> [TRY IT]: Within the data below, count every line that includes "rule" and report the total alone.

> [Extracted data entries]:
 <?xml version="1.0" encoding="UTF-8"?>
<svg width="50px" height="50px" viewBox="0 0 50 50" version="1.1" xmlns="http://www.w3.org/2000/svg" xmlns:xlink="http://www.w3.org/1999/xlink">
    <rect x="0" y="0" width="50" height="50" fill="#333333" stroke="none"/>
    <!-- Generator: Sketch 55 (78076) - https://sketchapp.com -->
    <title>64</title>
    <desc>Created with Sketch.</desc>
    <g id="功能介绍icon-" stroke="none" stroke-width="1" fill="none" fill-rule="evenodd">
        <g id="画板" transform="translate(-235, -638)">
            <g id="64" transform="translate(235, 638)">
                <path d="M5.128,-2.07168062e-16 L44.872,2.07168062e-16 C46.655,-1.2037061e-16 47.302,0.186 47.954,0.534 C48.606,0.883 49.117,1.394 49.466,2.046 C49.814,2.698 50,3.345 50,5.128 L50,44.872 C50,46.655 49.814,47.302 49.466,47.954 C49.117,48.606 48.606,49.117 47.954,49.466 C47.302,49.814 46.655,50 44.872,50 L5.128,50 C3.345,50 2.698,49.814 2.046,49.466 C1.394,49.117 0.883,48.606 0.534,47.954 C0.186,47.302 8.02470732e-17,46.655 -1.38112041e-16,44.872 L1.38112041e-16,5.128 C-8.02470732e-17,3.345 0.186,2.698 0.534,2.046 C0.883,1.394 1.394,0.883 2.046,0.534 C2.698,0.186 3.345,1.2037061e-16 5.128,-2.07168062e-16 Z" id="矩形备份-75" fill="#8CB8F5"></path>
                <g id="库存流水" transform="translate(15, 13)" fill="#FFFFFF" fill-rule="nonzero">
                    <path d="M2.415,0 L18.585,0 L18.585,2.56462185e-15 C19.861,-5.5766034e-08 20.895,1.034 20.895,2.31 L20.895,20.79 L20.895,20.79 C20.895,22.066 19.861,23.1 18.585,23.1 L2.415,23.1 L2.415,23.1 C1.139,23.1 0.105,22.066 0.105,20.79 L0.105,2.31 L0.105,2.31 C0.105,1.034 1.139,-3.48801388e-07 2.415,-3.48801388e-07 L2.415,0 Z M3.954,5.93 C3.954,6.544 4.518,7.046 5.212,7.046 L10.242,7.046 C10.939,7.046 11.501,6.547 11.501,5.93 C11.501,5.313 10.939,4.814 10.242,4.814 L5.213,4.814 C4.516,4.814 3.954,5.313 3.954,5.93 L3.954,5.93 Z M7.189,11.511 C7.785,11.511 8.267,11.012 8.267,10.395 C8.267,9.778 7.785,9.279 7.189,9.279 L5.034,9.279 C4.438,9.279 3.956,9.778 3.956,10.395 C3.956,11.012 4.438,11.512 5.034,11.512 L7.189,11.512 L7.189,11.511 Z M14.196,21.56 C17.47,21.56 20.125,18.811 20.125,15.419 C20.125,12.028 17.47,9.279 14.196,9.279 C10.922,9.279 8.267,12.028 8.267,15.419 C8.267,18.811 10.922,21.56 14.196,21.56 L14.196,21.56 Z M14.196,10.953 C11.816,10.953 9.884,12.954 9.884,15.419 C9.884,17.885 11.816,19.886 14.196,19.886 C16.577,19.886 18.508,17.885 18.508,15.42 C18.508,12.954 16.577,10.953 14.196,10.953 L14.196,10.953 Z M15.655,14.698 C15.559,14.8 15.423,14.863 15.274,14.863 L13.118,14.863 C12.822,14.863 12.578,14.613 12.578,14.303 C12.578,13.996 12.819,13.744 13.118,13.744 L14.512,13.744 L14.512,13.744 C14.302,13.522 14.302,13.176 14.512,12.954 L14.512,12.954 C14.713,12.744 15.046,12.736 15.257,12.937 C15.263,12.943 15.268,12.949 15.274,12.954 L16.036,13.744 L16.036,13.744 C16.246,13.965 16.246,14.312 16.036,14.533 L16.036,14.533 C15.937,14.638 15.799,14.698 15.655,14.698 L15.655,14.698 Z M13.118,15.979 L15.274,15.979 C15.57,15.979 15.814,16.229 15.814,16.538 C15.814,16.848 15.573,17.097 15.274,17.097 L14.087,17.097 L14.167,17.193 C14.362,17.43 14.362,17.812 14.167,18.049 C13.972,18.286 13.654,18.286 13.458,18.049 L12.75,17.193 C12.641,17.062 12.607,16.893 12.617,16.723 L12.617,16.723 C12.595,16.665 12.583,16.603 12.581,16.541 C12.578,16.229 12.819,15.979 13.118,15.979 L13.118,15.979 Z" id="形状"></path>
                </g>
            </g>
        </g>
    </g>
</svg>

> [RESPONSE AREA]: 2